Relationship between matrix equations and determinants? What is the relationship between a matrix equation and the determinants of the matrix?
Say if you have the matrix equation $A^3 - 4A = 0$, what can I learn about the matrix $A$'s determinants?
Or even if you have $A - 3B = 0$, does that imply $\det(A) = 3*\det(B)?$
 A: One of the properties of the determinant (more here: http://en.wikipedia.org/wiki/Determinant) is 
$$
\det(AB) = \det(A)\det(B)
$$ 
and from here you can deduce 
$$
\det(A^n) = (\det(A))^n
$$
Another property of determinant is
$$
\det(cA) = c^n\det(A)  
$$
if $A$ is a $n \times n$ matrix.
If you apply the determinant on your first equation you get
$$
\det(A^3) = \det(4A)
$$
or 
$$
(\det(A))^3 = 4^n \det(A)
$$
implying (if $\det(A)$ is not zero)
$$
(\det(A))^2 = 4^n
$$
and finally
$$
\det(A) = (\pm2)^n
$$
From the equation
$$
A-3B=0
$$
you can deduce
$$
\det(A) = 3^n \det(B)
$$
where $A$ and $B$ are square $n \times n$ matrices.
A: In general, an annihilating polynomial doesn't give you information about the determinant but rather the eigenvalues of the matrix. There is a well known theorem that says if $m$ is the minimal polynomial of $A$ and $p$ is any polynomial for which $p(A)=0$ then $m\mid p$. What this says is that the eigenvalues of the matrix necessarily forms a subset of the roots of any annihilating polynomial $p$.
For simpler cases, we can extract more information. For your first polynomial, we know that $A$ satisfies the polynomial $p(x)=x^3 - 4x$. This implies that the eigenvalues of $A$ are amongst the roots of $p$, being $\{0,\ 2,\ -2\}$. If the matrix has $0$ as an eigenvalue, that necessarily implies that the determinant is $0$. Otherwise, the determinant is of the form $\pm 2^n$ where $n$ is the size of the matrix. This is the most information that we can extract since all of these cases are possible.
For your second equation, we get $A = 3B$. Taking determinants gives $\det A = 3^n \det B$ where $n$ is the size of the matrix.

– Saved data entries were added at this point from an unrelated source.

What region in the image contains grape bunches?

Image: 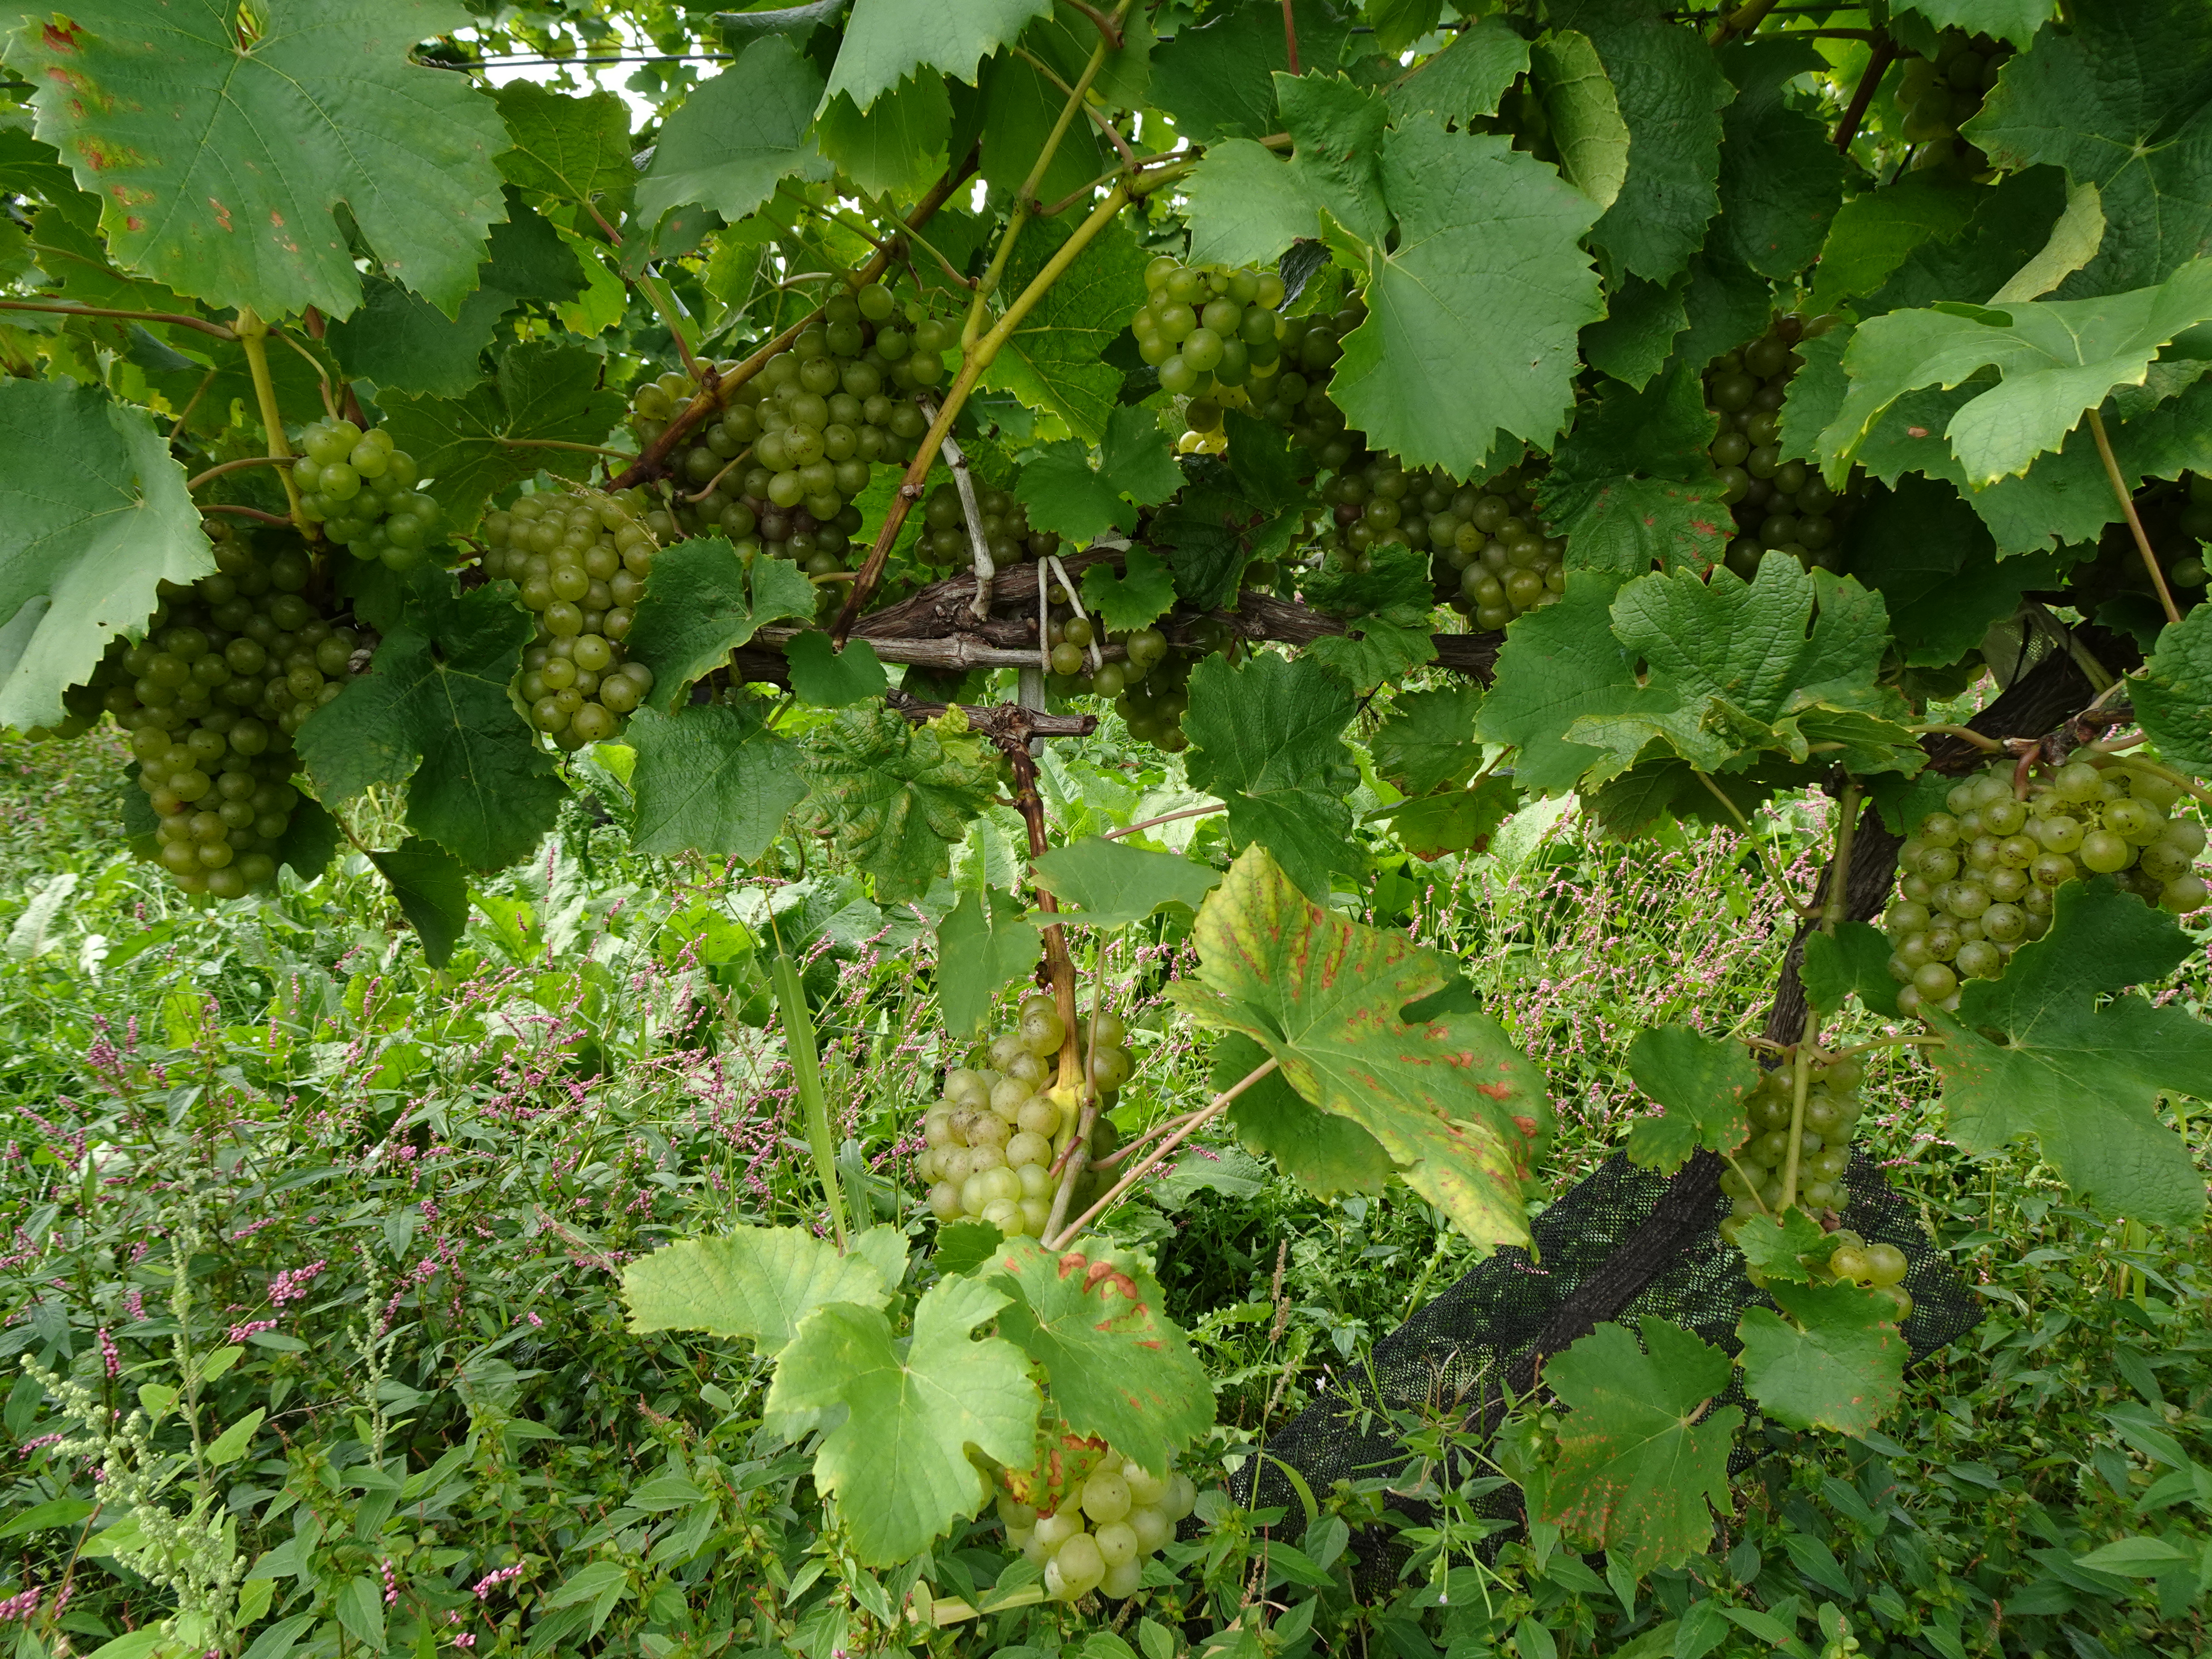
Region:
[1245,288,1374,471]
[915,465,1061,570]
[1116,506,1326,752]
[291,418,441,575]
[633,356,863,627]
[1701,310,1875,585]
[753,283,948,519]
[483,486,681,751]
[971,1443,1198,1600]
[2042,747,2205,913]
[915,994,1135,1252]
[1178,429,1228,454]
[1885,760,2092,1022]
[1808,1229,1913,1322]
[2066,473,2212,622]
[1312,452,1436,569]
[1422,465,1567,632]
[26,663,108,743]
[1047,583,1168,698]
[86,520,384,902]
[1131,255,1285,432]
[1719,1044,1864,1288]
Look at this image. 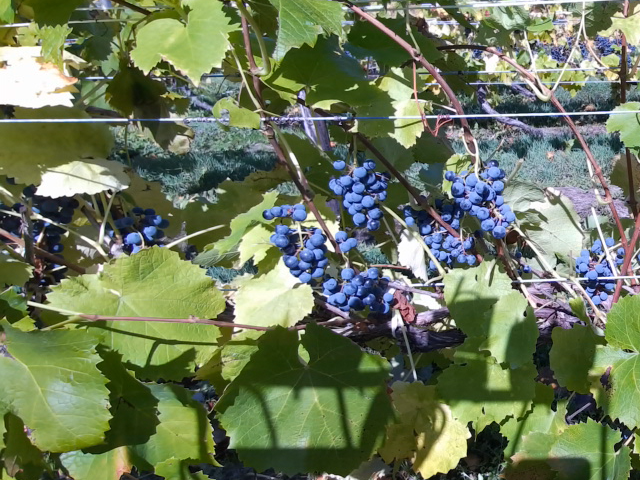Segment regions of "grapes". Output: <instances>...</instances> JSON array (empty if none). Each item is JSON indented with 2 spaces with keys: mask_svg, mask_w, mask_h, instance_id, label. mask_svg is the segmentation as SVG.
Wrapping results in <instances>:
<instances>
[{
  "mask_svg": "<svg viewBox=\"0 0 640 480\" xmlns=\"http://www.w3.org/2000/svg\"><path fill=\"white\" fill-rule=\"evenodd\" d=\"M480 180L476 173L462 171L455 174L453 171L445 173V179L452 181L451 194L454 196V204L446 205L442 199L435 201L436 209L443 213L441 217L448 222L455 230L460 228V219L464 217L465 210L472 217L481 220V228L473 231L472 235H467L465 240H459L454 235H449L443 226H432L433 217L428 215L424 209H404V224L413 227L416 223L419 226V233L423 236V241L431 245L432 255L445 264L465 263L467 266H475L477 259L471 253H466L474 246V237L480 239L484 236V231H491L494 239H503L506 236V228L509 223L516 220L515 213L508 205H504V182L505 170L498 168L496 160L488 162V168L481 170ZM493 202L496 211L503 217L494 219L490 217V211L481 204Z\"/></svg>",
  "mask_w": 640,
  "mask_h": 480,
  "instance_id": "1",
  "label": "grapes"
},
{
  "mask_svg": "<svg viewBox=\"0 0 640 480\" xmlns=\"http://www.w3.org/2000/svg\"><path fill=\"white\" fill-rule=\"evenodd\" d=\"M376 162L366 159L363 166H357L353 174L343 175L339 179L330 178L327 188L335 195L343 196L342 207L347 209L350 220L357 226L370 231H378L382 226L383 210L380 203L388 200L387 189L390 174L372 171Z\"/></svg>",
  "mask_w": 640,
  "mask_h": 480,
  "instance_id": "2",
  "label": "grapes"
},
{
  "mask_svg": "<svg viewBox=\"0 0 640 480\" xmlns=\"http://www.w3.org/2000/svg\"><path fill=\"white\" fill-rule=\"evenodd\" d=\"M377 267H367L358 273L352 268H343L341 278L348 280L340 285L338 279L326 275L321 283L322 293L328 295V302L332 307H338L342 312L370 311L388 315L394 305V298L386 293L391 288L389 277H379Z\"/></svg>",
  "mask_w": 640,
  "mask_h": 480,
  "instance_id": "3",
  "label": "grapes"
},
{
  "mask_svg": "<svg viewBox=\"0 0 640 480\" xmlns=\"http://www.w3.org/2000/svg\"><path fill=\"white\" fill-rule=\"evenodd\" d=\"M302 236L305 240L304 247L297 255L294 254L296 246L300 243V236L285 224L275 227L270 242L276 244L284 253L281 263L289 269V274L302 283H309L312 277L323 276L328 267V258L323 256L327 253V246L324 244L326 237L318 227L305 228Z\"/></svg>",
  "mask_w": 640,
  "mask_h": 480,
  "instance_id": "4",
  "label": "grapes"
},
{
  "mask_svg": "<svg viewBox=\"0 0 640 480\" xmlns=\"http://www.w3.org/2000/svg\"><path fill=\"white\" fill-rule=\"evenodd\" d=\"M590 263V251L588 249H582L580 251V257L575 259V273L583 274V277L589 278L588 282H584L588 283L586 285L585 293L589 296L594 305H599L601 302H606L608 300V294L606 292L596 294L595 290L598 288V285L604 286L607 292H612L615 288L616 282H601L597 280V277H609L614 276L615 274H613V269L610 267L607 259H602L600 261V265H593Z\"/></svg>",
  "mask_w": 640,
  "mask_h": 480,
  "instance_id": "5",
  "label": "grapes"
},
{
  "mask_svg": "<svg viewBox=\"0 0 640 480\" xmlns=\"http://www.w3.org/2000/svg\"><path fill=\"white\" fill-rule=\"evenodd\" d=\"M132 214L135 217L144 216L141 220L143 225L141 235L138 232H130L124 236V245L130 247L132 253H138L141 250L142 237L147 243L157 242L165 237V232L161 229L169 226L166 218H162L151 208L135 207Z\"/></svg>",
  "mask_w": 640,
  "mask_h": 480,
  "instance_id": "6",
  "label": "grapes"
},
{
  "mask_svg": "<svg viewBox=\"0 0 640 480\" xmlns=\"http://www.w3.org/2000/svg\"><path fill=\"white\" fill-rule=\"evenodd\" d=\"M262 217L266 221H273L274 219H283L287 217L292 218L296 222H305L307 220V212L302 203H294L292 205L264 208L262 210Z\"/></svg>",
  "mask_w": 640,
  "mask_h": 480,
  "instance_id": "7",
  "label": "grapes"
},
{
  "mask_svg": "<svg viewBox=\"0 0 640 480\" xmlns=\"http://www.w3.org/2000/svg\"><path fill=\"white\" fill-rule=\"evenodd\" d=\"M335 243L338 250L342 253H348L350 250L358 247V242L355 238H349V234L346 231H338L335 234Z\"/></svg>",
  "mask_w": 640,
  "mask_h": 480,
  "instance_id": "8",
  "label": "grapes"
},
{
  "mask_svg": "<svg viewBox=\"0 0 640 480\" xmlns=\"http://www.w3.org/2000/svg\"><path fill=\"white\" fill-rule=\"evenodd\" d=\"M523 272H524V273H526V274H531V273H532V269H531V267H530L528 264H524V265H523ZM523 272L521 271V269H520V268H517V269H516V273H517V275H518L519 277H522V276H523Z\"/></svg>",
  "mask_w": 640,
  "mask_h": 480,
  "instance_id": "9",
  "label": "grapes"
}]
</instances>
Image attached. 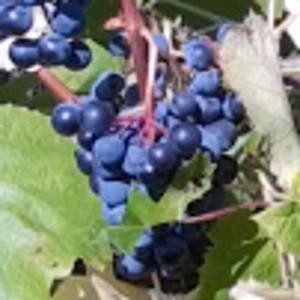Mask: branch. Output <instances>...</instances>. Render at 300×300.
<instances>
[{
  "label": "branch",
  "mask_w": 300,
  "mask_h": 300,
  "mask_svg": "<svg viewBox=\"0 0 300 300\" xmlns=\"http://www.w3.org/2000/svg\"><path fill=\"white\" fill-rule=\"evenodd\" d=\"M118 6L124 12V22L129 33L131 61L136 66L138 78V100L142 102L149 64L146 44L139 35V29L144 27L143 17L139 13V4L136 0H119Z\"/></svg>",
  "instance_id": "branch-1"
},
{
  "label": "branch",
  "mask_w": 300,
  "mask_h": 300,
  "mask_svg": "<svg viewBox=\"0 0 300 300\" xmlns=\"http://www.w3.org/2000/svg\"><path fill=\"white\" fill-rule=\"evenodd\" d=\"M34 75L42 81L50 92L56 96L63 104L68 106H79L81 99L77 97L64 81L52 73L46 66H37Z\"/></svg>",
  "instance_id": "branch-2"
}]
</instances>
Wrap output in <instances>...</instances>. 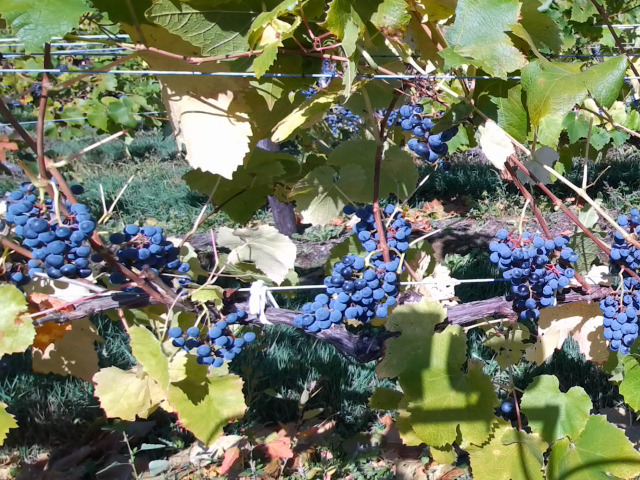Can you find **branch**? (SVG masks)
<instances>
[{
  "instance_id": "30e6481e",
  "label": "branch",
  "mask_w": 640,
  "mask_h": 480,
  "mask_svg": "<svg viewBox=\"0 0 640 480\" xmlns=\"http://www.w3.org/2000/svg\"><path fill=\"white\" fill-rule=\"evenodd\" d=\"M49 83L50 75L44 74L42 81V93H41V106L39 116L37 120V141L34 142L29 136L25 128L17 121V119L9 112L7 106L0 103V111L3 116L12 124V126L18 131L20 136L24 139L27 145L33 149L36 154V168L38 173V183L44 188L45 192L51 199H55V193L53 188L45 180V171L50 174L51 178L56 182L59 190L68 197L71 203L77 201L75 194L68 189L66 182L63 179L57 166L50 160V157L43 152V139H44V123L48 108V96H49Z\"/></svg>"
},
{
  "instance_id": "325d2c04",
  "label": "branch",
  "mask_w": 640,
  "mask_h": 480,
  "mask_svg": "<svg viewBox=\"0 0 640 480\" xmlns=\"http://www.w3.org/2000/svg\"><path fill=\"white\" fill-rule=\"evenodd\" d=\"M67 38L70 40H76L79 42H87V43L99 44V45H104L109 47H131V48L145 49L151 53L169 56V57H172L173 59H180L181 61H185L189 63H198V62L217 60V59L241 58V57L253 56L256 54L263 53L262 49H254L251 51H244V52H238V53L215 54V55H207L202 57H194L190 55L176 54L175 52L154 48L152 46H149L147 44H142V43L111 42V41H106V40H101L96 38L81 37L78 35H73L71 33L67 34Z\"/></svg>"
},
{
  "instance_id": "170604dd",
  "label": "branch",
  "mask_w": 640,
  "mask_h": 480,
  "mask_svg": "<svg viewBox=\"0 0 640 480\" xmlns=\"http://www.w3.org/2000/svg\"><path fill=\"white\" fill-rule=\"evenodd\" d=\"M406 89H407L406 85H401L394 92L393 101L391 102V104L387 108V111H386V114L384 116V119L382 120V123L380 125V129H379V146L377 147L376 158H375V166H374V188H375V194H374V199H373V213H374V218L376 220L378 237H379V240H380V244H381L382 251H383V257H384L385 261H389L390 257L388 255L387 244L385 242V237H384L383 230H382L381 218H380L379 211H378V201H379V197H380L379 168H380L381 154H382V151L384 150V131H385V127L387 126V123H388V121L390 119V116H391V113H392L394 107L398 103L399 94L402 93Z\"/></svg>"
},
{
  "instance_id": "45aa463d",
  "label": "branch",
  "mask_w": 640,
  "mask_h": 480,
  "mask_svg": "<svg viewBox=\"0 0 640 480\" xmlns=\"http://www.w3.org/2000/svg\"><path fill=\"white\" fill-rule=\"evenodd\" d=\"M505 136L515 145L517 146L519 149H521L523 152H525L528 156H530L535 162H538L540 164L541 167H543L545 170H547L549 173H551L554 177L558 178L560 181H562L563 183H565L566 185H568L573 191H576L578 194H580L583 198H585L587 200V202L596 210L598 211L603 217H605L609 223L614 227V229L622 234L623 236H625V238L628 241L632 240V236L629 234L628 231L624 230L623 228H621L617 222L603 209L601 208L598 204H596V202L591 198L590 195H588L583 189L579 188L578 186H576L573 182H571L568 178L564 177L562 174L558 173L557 171H555L552 167H550L546 162H544L540 157H538L534 152H532L529 148L525 147L523 144H521L519 141H517L515 139V137L509 132L506 131L505 132Z\"/></svg>"
},
{
  "instance_id": "982ccf7c",
  "label": "branch",
  "mask_w": 640,
  "mask_h": 480,
  "mask_svg": "<svg viewBox=\"0 0 640 480\" xmlns=\"http://www.w3.org/2000/svg\"><path fill=\"white\" fill-rule=\"evenodd\" d=\"M509 157L511 158V160L518 166L520 167L524 173L529 176L533 181H535L542 189H544L548 195L557 203V205L561 208V210L563 212H565L567 214V216L574 221L578 226H580L583 231L585 232V234L596 244L598 245L601 249H603L605 252H609L610 248L605 245L602 241H600L598 238L595 237V235L589 230V228L578 218L576 217L572 211L567 208L565 206V204L558 198L557 195H555V193L551 190V188L549 186H547L546 184H544V182L538 178L533 172H531L527 166H525L517 157L514 153H510Z\"/></svg>"
},
{
  "instance_id": "1ff4a987",
  "label": "branch",
  "mask_w": 640,
  "mask_h": 480,
  "mask_svg": "<svg viewBox=\"0 0 640 480\" xmlns=\"http://www.w3.org/2000/svg\"><path fill=\"white\" fill-rule=\"evenodd\" d=\"M89 243L95 252L103 257L113 268L117 271L126 274L129 278L134 280L137 284H139L148 294L154 296L156 299H160V294L155 291L145 280H143L139 275H137L134 271L128 268L125 265H121L118 263L109 253L108 251L100 244L98 241V232L93 230L88 234Z\"/></svg>"
},
{
  "instance_id": "ea751061",
  "label": "branch",
  "mask_w": 640,
  "mask_h": 480,
  "mask_svg": "<svg viewBox=\"0 0 640 480\" xmlns=\"http://www.w3.org/2000/svg\"><path fill=\"white\" fill-rule=\"evenodd\" d=\"M504 165L506 166V168H507V170H508L509 174L511 175L512 181H513L514 185L516 186V188H517L520 192H522V193H523V194L528 198V200H529V202H530V204H531L532 210H533V212H534V214H535L536 218L539 220V222H540V224H541L542 228H543V229H544V231H545V235L547 236V239H548V240H551V239L553 238V233L551 232V230H550V228L548 227V225H547V223H546L545 219L543 218V216L541 215L540 211L538 210V207H537V204H536V202H535L534 197L532 196V194H531L528 190H526V189H525V188L520 184V182H519V180H518V178H517V175H516V173H515V171H514L513 167L511 166L510 162H509V161H505V162H504Z\"/></svg>"
},
{
  "instance_id": "ca6c30ca",
  "label": "branch",
  "mask_w": 640,
  "mask_h": 480,
  "mask_svg": "<svg viewBox=\"0 0 640 480\" xmlns=\"http://www.w3.org/2000/svg\"><path fill=\"white\" fill-rule=\"evenodd\" d=\"M430 83L437 88H441L446 93L452 94L455 97H457L459 101L463 102L470 110L474 111L475 114L478 115L482 121L487 120L486 114L482 113L475 105H473L468 99L463 97L457 90L449 88L444 83H439L436 80H430Z\"/></svg>"
},
{
  "instance_id": "1d269e1b",
  "label": "branch",
  "mask_w": 640,
  "mask_h": 480,
  "mask_svg": "<svg viewBox=\"0 0 640 480\" xmlns=\"http://www.w3.org/2000/svg\"><path fill=\"white\" fill-rule=\"evenodd\" d=\"M279 52L280 53H284V54L306 55V56H310L312 58L335 60V61H339V62H345L346 61L345 57H341V56H338V55L315 53V52H312V51H309V50H297V49L280 48Z\"/></svg>"
},
{
  "instance_id": "1af6ec82",
  "label": "branch",
  "mask_w": 640,
  "mask_h": 480,
  "mask_svg": "<svg viewBox=\"0 0 640 480\" xmlns=\"http://www.w3.org/2000/svg\"><path fill=\"white\" fill-rule=\"evenodd\" d=\"M401 83L407 84L409 86H411L412 88L418 90L419 92H421L423 95H425L427 98L433 99V101L448 107L449 103L442 99L437 97L435 94H432L431 92H428L426 89H424L422 86H420L419 84L409 80V79H398Z\"/></svg>"
},
{
  "instance_id": "2b1400db",
  "label": "branch",
  "mask_w": 640,
  "mask_h": 480,
  "mask_svg": "<svg viewBox=\"0 0 640 480\" xmlns=\"http://www.w3.org/2000/svg\"><path fill=\"white\" fill-rule=\"evenodd\" d=\"M0 241L11 250L22 253L25 256H29L31 254V251L28 248L14 243L13 241L9 240L4 234H0Z\"/></svg>"
},
{
  "instance_id": "8bde2521",
  "label": "branch",
  "mask_w": 640,
  "mask_h": 480,
  "mask_svg": "<svg viewBox=\"0 0 640 480\" xmlns=\"http://www.w3.org/2000/svg\"><path fill=\"white\" fill-rule=\"evenodd\" d=\"M405 60L410 64V66L416 70L417 72H419L420 74H425V70L423 68H421L420 66H418L417 64H415V62L413 61V59L410 56H406Z\"/></svg>"
}]
</instances>

A: More generally, the eigenvalues of $p(A)$ are the images of the eigenvalues of $A$ under the polynomial $p$.  So if $A$ has eigenvalues $\lambda_1, \ldots, \lambda_n$ (counted by algebraic multipicity), $p(A)$ has eigenvalues $p(\lambda_1), \ldots,
p(\lambda_n)$ (again counted by algebraic multiplicity), and 
in particular $\det p(A) = p(\lambda_1) \ldots p(\lambda_n)$.